_Task requirements_.
Determine the number of lines in the listing below that hold the word "manufacturer". Write the number alone.

_Material shown_.
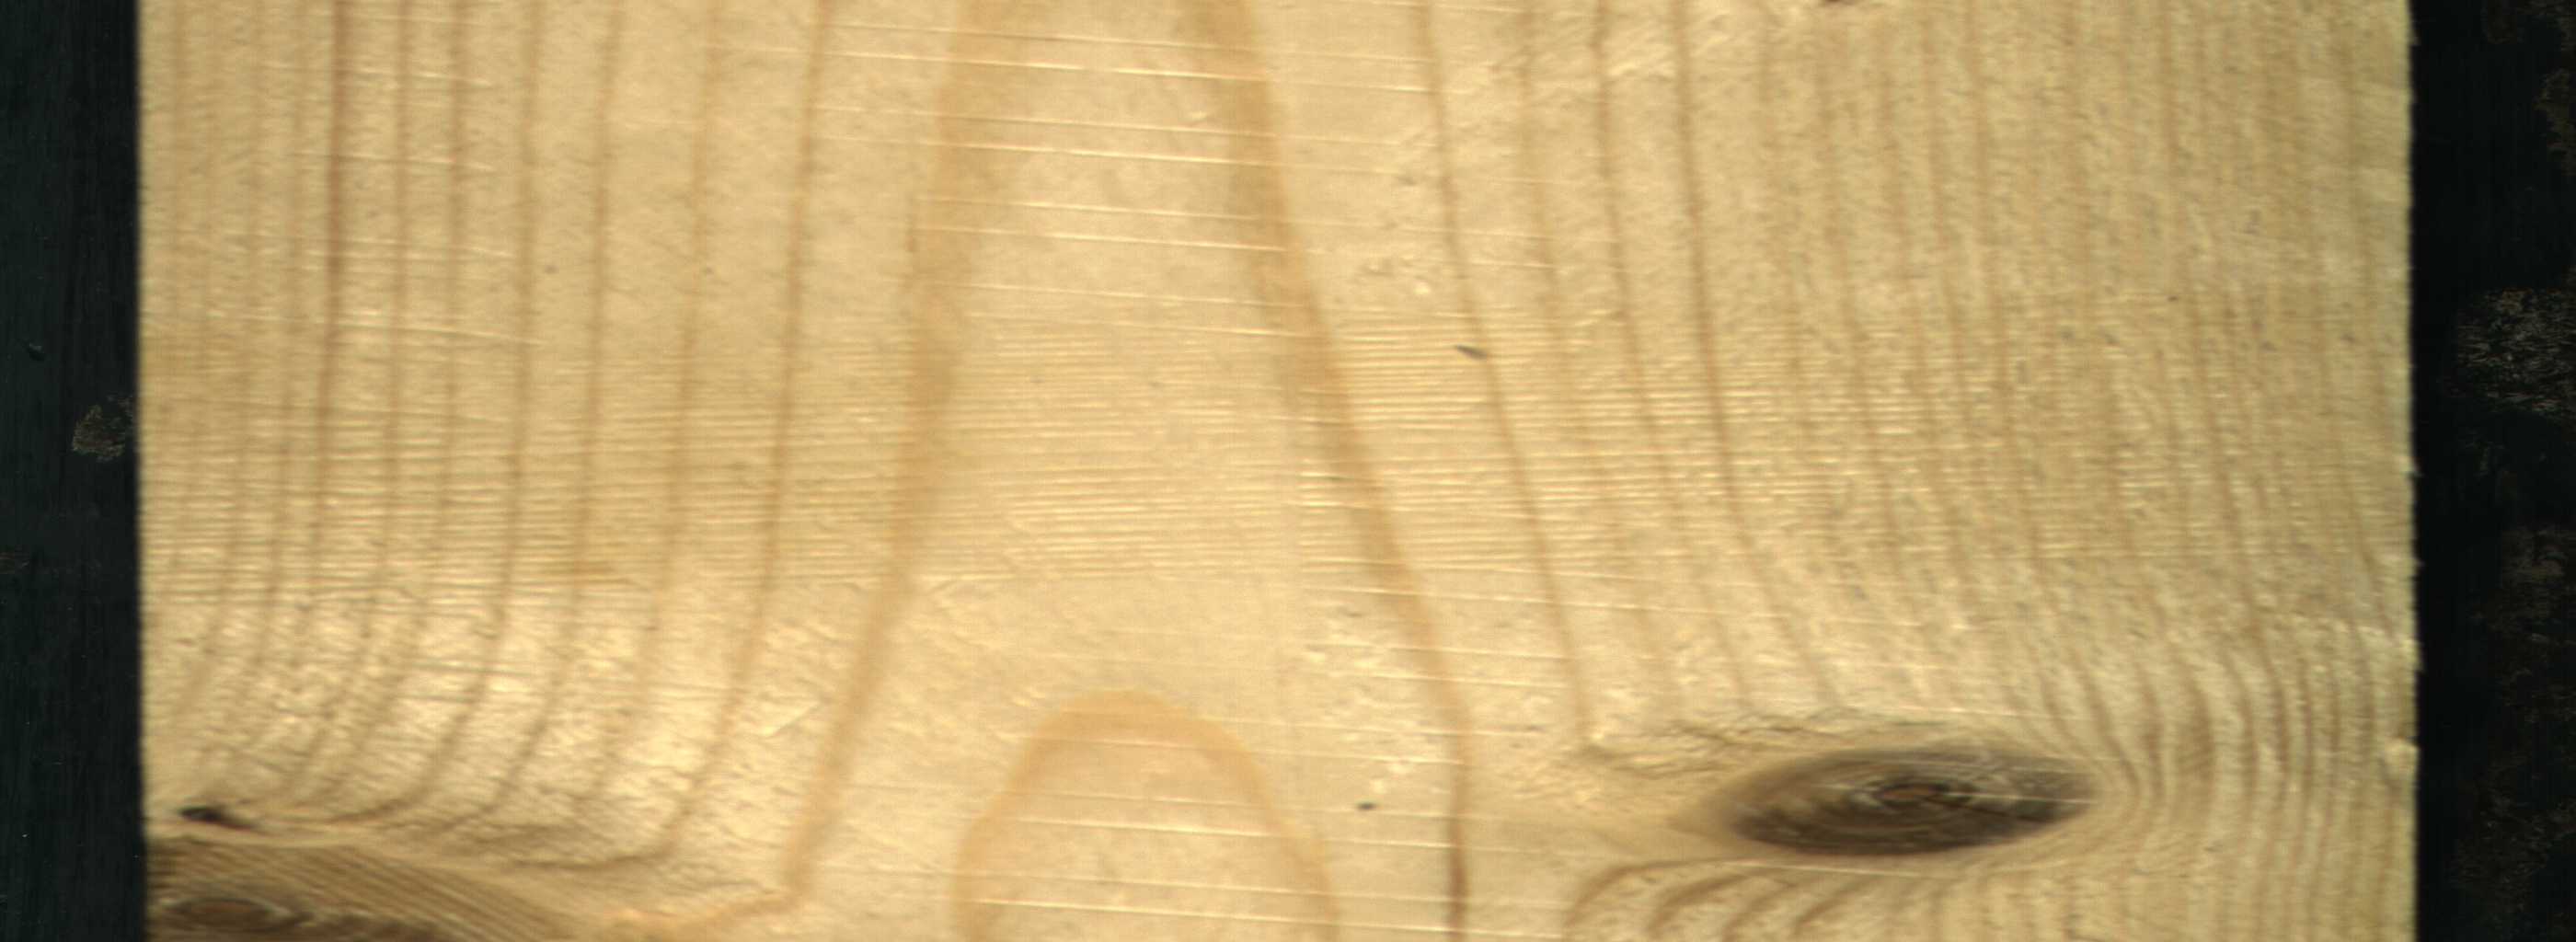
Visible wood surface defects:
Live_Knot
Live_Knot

* * *

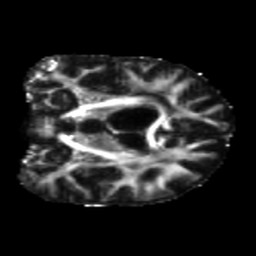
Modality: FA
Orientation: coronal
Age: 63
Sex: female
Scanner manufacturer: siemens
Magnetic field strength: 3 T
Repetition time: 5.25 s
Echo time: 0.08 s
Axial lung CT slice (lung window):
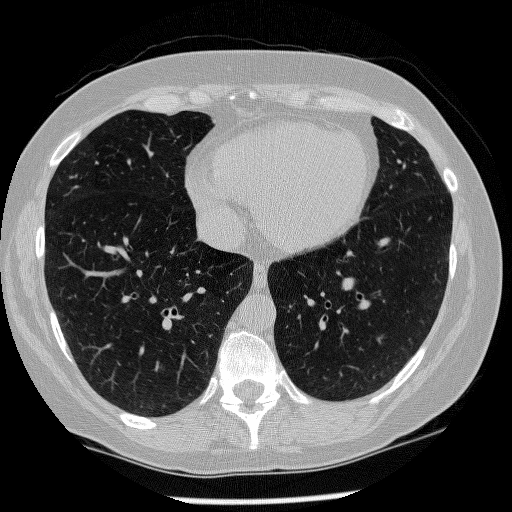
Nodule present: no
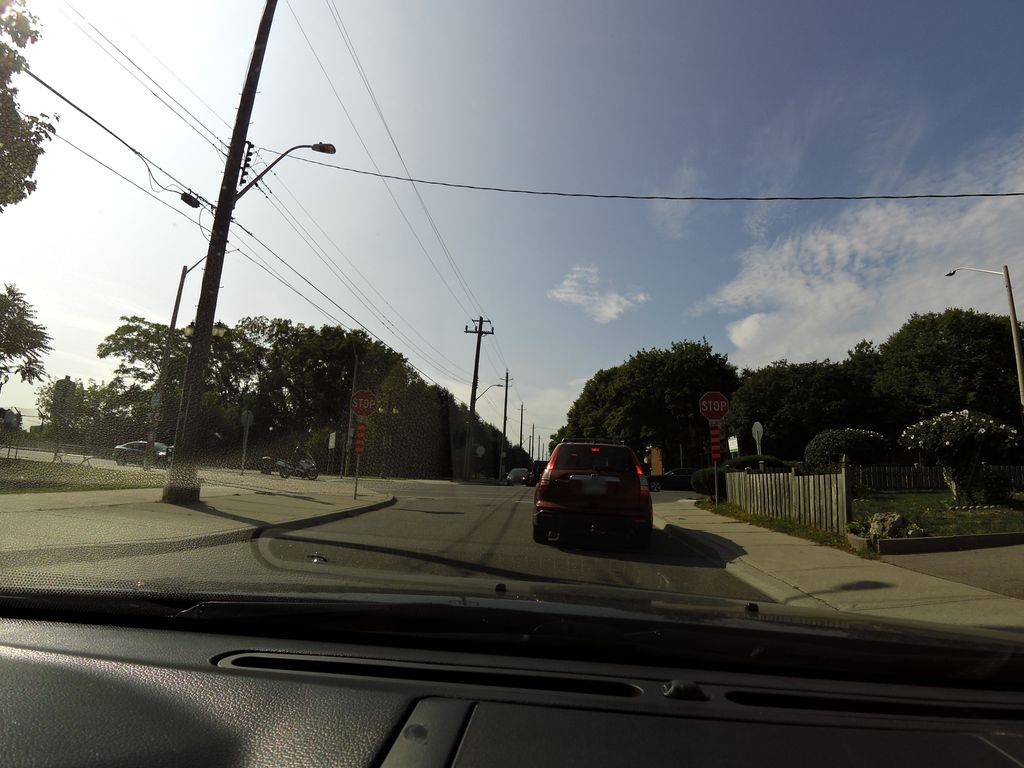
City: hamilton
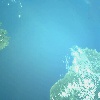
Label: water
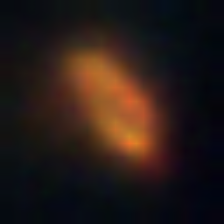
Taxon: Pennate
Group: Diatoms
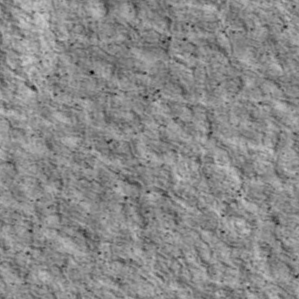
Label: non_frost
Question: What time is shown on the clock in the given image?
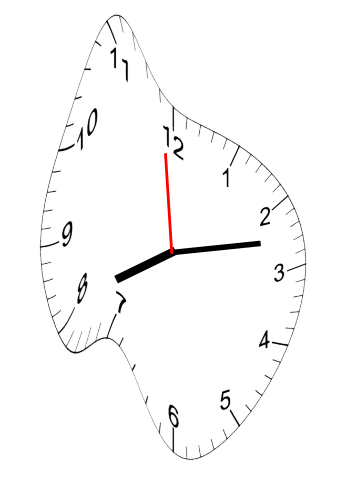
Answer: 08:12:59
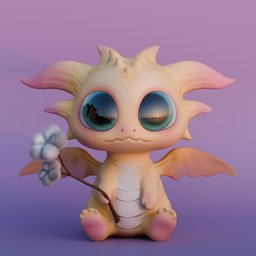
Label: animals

...

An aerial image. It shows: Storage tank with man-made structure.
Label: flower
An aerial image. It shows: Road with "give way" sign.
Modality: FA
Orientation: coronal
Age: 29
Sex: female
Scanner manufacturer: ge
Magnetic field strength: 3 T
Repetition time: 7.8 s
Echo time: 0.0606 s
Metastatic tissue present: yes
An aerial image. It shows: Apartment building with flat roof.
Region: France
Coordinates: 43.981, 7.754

_Response to the exercise_.
2